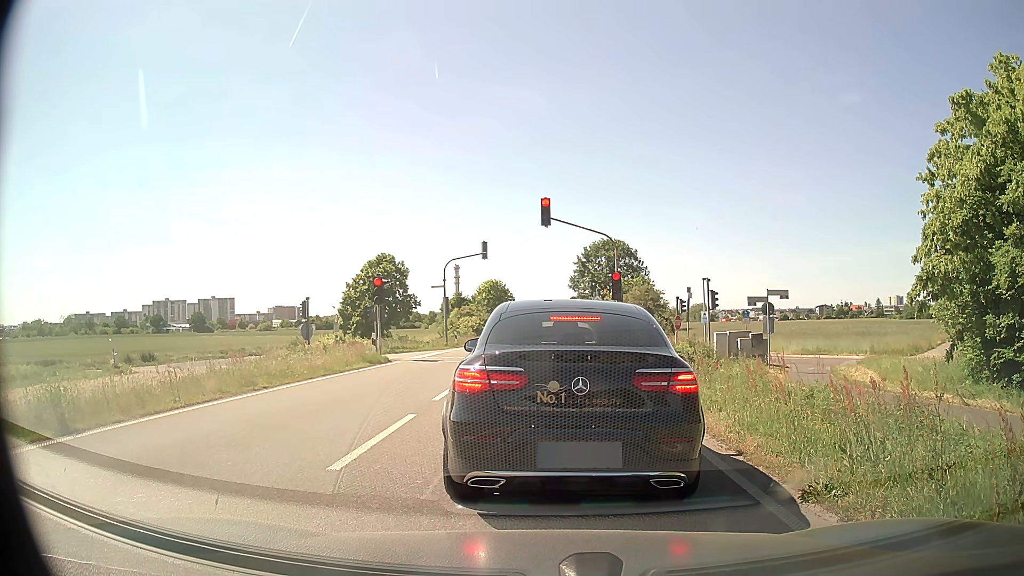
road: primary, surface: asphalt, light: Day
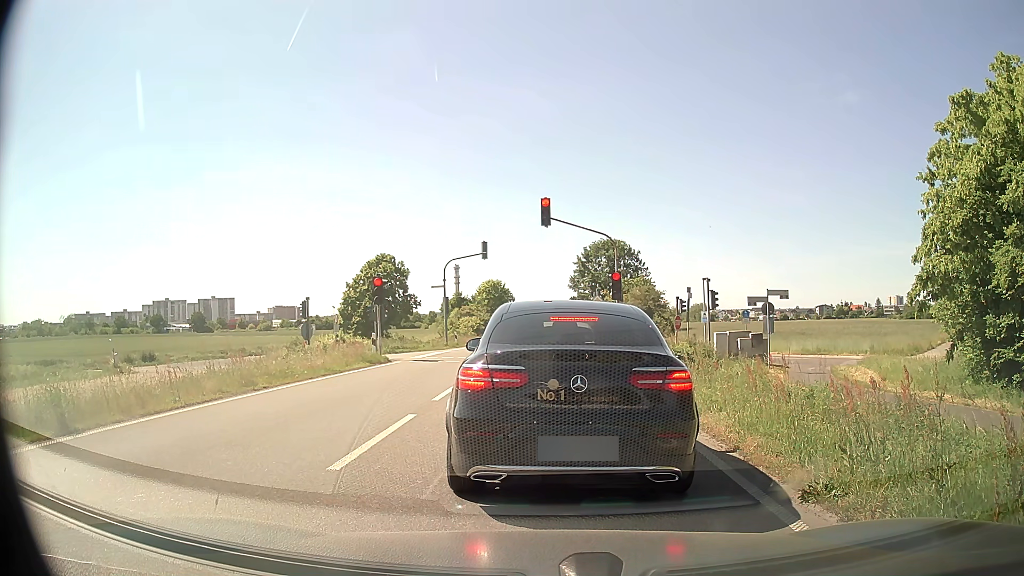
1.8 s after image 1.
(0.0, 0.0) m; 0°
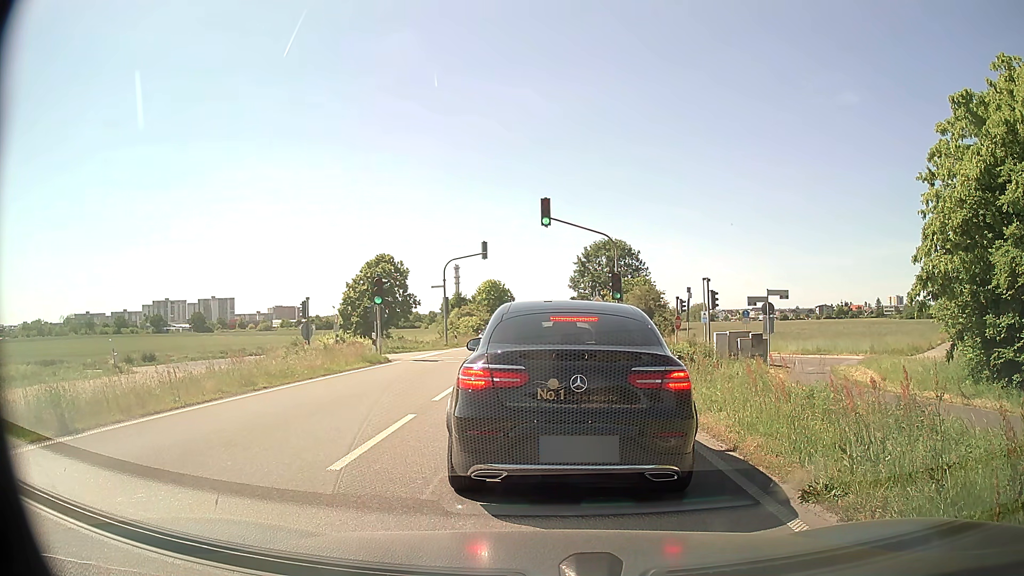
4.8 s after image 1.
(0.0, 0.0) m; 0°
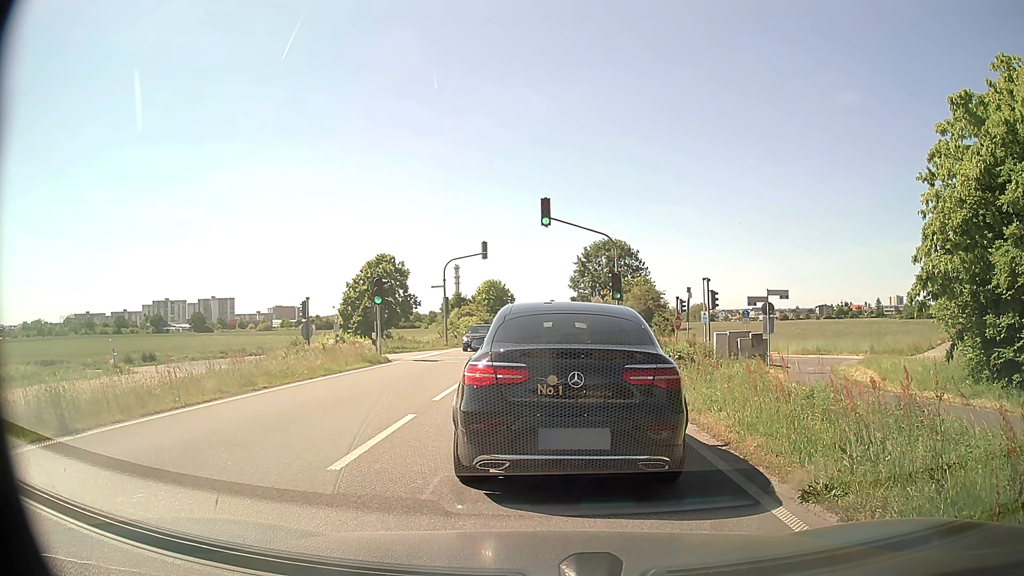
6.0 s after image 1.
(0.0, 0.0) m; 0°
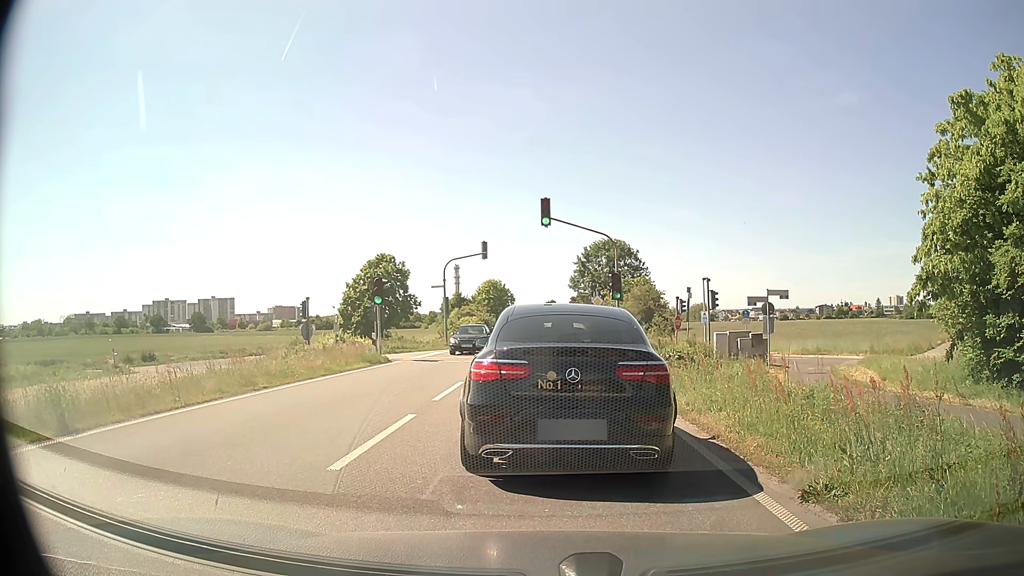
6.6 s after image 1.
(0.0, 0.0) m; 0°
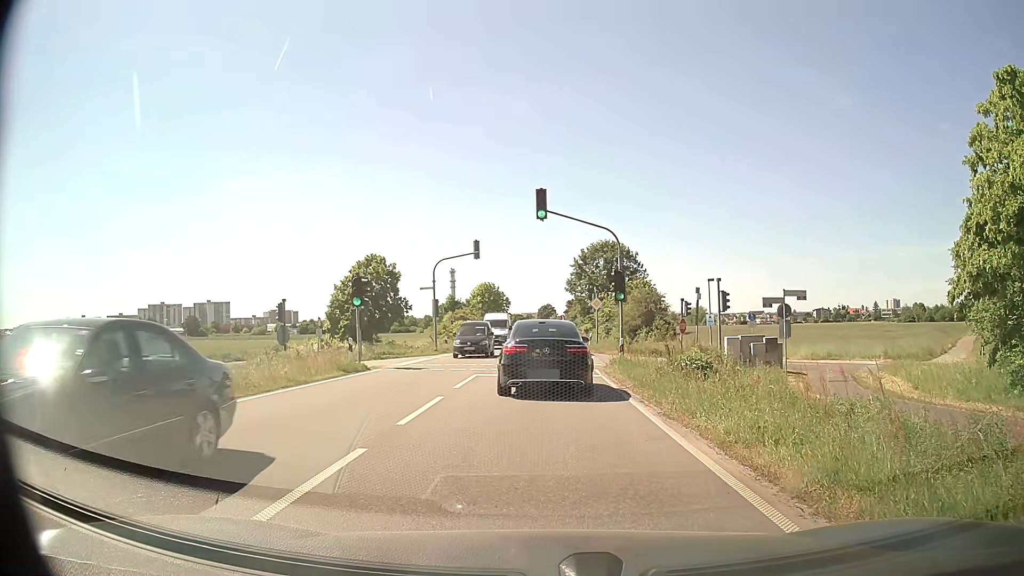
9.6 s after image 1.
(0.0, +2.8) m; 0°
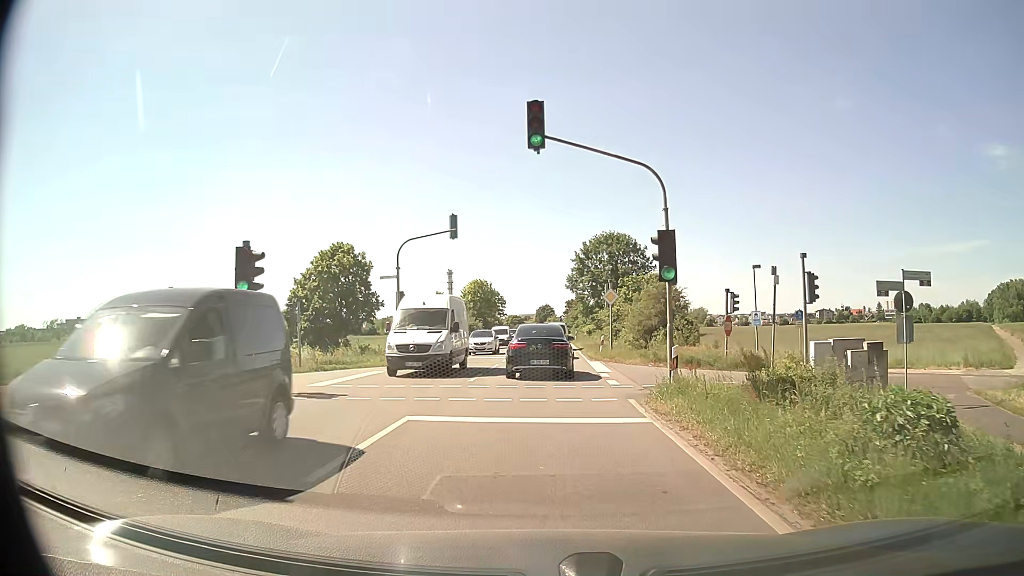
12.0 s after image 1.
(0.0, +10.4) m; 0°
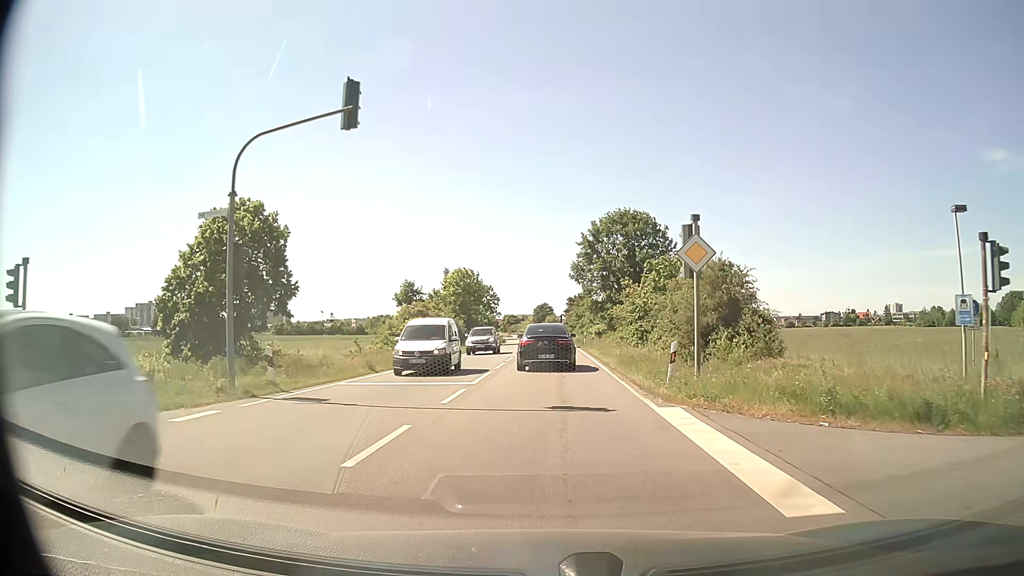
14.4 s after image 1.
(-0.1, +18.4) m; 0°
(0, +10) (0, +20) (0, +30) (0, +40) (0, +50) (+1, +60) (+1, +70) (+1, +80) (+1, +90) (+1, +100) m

--

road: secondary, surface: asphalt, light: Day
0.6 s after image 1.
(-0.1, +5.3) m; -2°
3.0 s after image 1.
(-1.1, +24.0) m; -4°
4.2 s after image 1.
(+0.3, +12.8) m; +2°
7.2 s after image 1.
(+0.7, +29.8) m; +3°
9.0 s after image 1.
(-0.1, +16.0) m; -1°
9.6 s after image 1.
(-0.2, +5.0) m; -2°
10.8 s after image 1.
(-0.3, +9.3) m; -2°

# BRIEF
Go line by line through the records and copy those that contain the word "light".

# WRITTEN REPLY
road: primary, surface: asphalt, light: Day
road: secondary, surface: asphalt, light: Day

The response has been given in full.